What is the concern?

The Hailstorm raises a number of concerns under the Fourth Amendment—the constitutional provision meant to protect Americans from unreasonable searches and seizures. The ACLU, in a 2014 guide for defense attorneys, outlined the major Fourth Amendment questions that arise with the use of any IMSI catcher. These include:

  1. Level of scrutiny: IMSI catchers are almost certainly intrusive enough to violate both reasonable expectations of privacy and property interests, thus giving rise to Fourth Amendment scrutiny. When used in connection with a residence, the devices provide critical details about the inside of the property that constitutes a search under any framework. While the Supreme Court has held that there is no reasonable expectation of privacy on outgoing phone numbers voluntarily sent to a third party, that analysis likely cannot extend to data that gets redirected and captured by a Hailstorm without the phone-owner’s knowledge or consent.
  2. General search: There is an argument that any search conducted by an IMSI catcher constitutes a general search, and thus should be categorically barred by the Fourth Amendment. An IMSI catcher indiscriminately gathers all signaling information from a captured phone, seemingly incompatible with a constitutional requirement that surveillance minimize the collection of information unsupported by probable cause. Further, the dragnet functionality conducts this information grab on all devices in a vicinity, including innocent third parties whom the government lacks probable cause to search.
  3. Inaccurate warrants: When law enforcement does apply for a warrant to use an IMSI catcher, those warrants are very likely inaccurate. Warrant applications, driven by federal policies of non-disclosure, typically either (a) omit the fact that the government intends to use an IMSI catcher, (b) mislead the court by saying the government intends to use less intrusive devices (like a pen register) instead, or (c) fail to provide any information on what the technology is and how it operates. In either scenario, the warrant is predicated on a material omission that deprives a court of its constitutional obligation to balance government interests against intrusions into private rights.
  4. Invalid warrants: If a warrant accurately states law enforcement’s intended use of an IMSI catcher, it may be facially invalid due to the necessarily general nature of the search. The entire purpose of the warrant requirement is to require law enforcement to state with particularity the area to be searched and the persons or things to be seized. It remains an open question whether warrant particularity requirements can ever be compatible with intrusive dragnet surveillance technologies.

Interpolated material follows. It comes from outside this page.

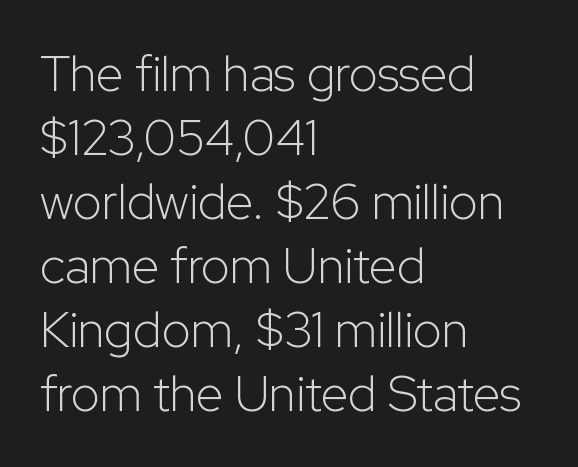
{"serif": "no", "italic": "no", "bold": "no", "weight": "light", "width": "normal", "stroke_contrast": "low", "x_height": "medium", "monospaced": "no", "underline": "no", "align": "left", "line_spacing": "normal", "line_spacing_ratio": 1.28, "letter_spacing": "normal", "letter_spacing_em": 0.0, "glyph_px": 50}

A separate and perhaps more troubling concern is the extreme lengths, only recently uncovered, that the government has gone to in order to keep this technology a secret. The federal government uses extensive non-disclosure agreements to prevent federal, state, and even local law enforcement from disclosing any details on the capabilities and usage of IMSI catchers. There have been a couple instances where judges demanded police to disclose possible use of an IMSI catcher at trial. Prosecutors in these instances have voluntarily dropped the evidence, offered plea bargains without jail time, or voluntarily dismissed the case altogether rather than disclose the device’s usage. Law enforcement agents have also demonstrated a willingness to offer alternative explanations for evidence obtained by an IMSI catcher. In one case where the FBI used a StingRay, for example, a discovered email from a special agent read: “we need to develop independent probable cause for the search warrant . . . FBI does not want to disclose the [redacted] (understandably so).”

IMSI catchers in the courts so far

The first reported decision dealing with an IMSI catcher was in 1995. In re United States, 885 F. Supp. 197 (C.D. Cal. 1995). The court, which had difficulty applying current law to the new surveillance technology, demanded that law enforcement develop stronger safeguards before permitting its use. Since 1995, nation-wide police practices of avoiding disclosure of the devices has largely shielded them from the view of courts. More recent orders from even the most tech-savvy magistrate judges suggest that judicial officers across the country still have little exposure to or understanding of IMSI technology. The lack of exposure and understanding is critical to continuing the law enforcement practice of applying for approval to use a “pen register” device.

Among the courts that have been faced with the question of IMSI catcher use, several—including the 7th Circuit in 2016—have declined to answer questions concerning the devices’ constitutionality. United States v. Patrick, 842 F.3d 540 (7th Cir. 2016). In his dissent, Chief Judge Wood described the avoidance strategies of law enforcement as “bad faith” that could justify suppression, and closed by writing that “it is time for the Sting[R]ay to come out of the shadows, so that it can be subject to the same kind of scrutiny as other mechanisms.”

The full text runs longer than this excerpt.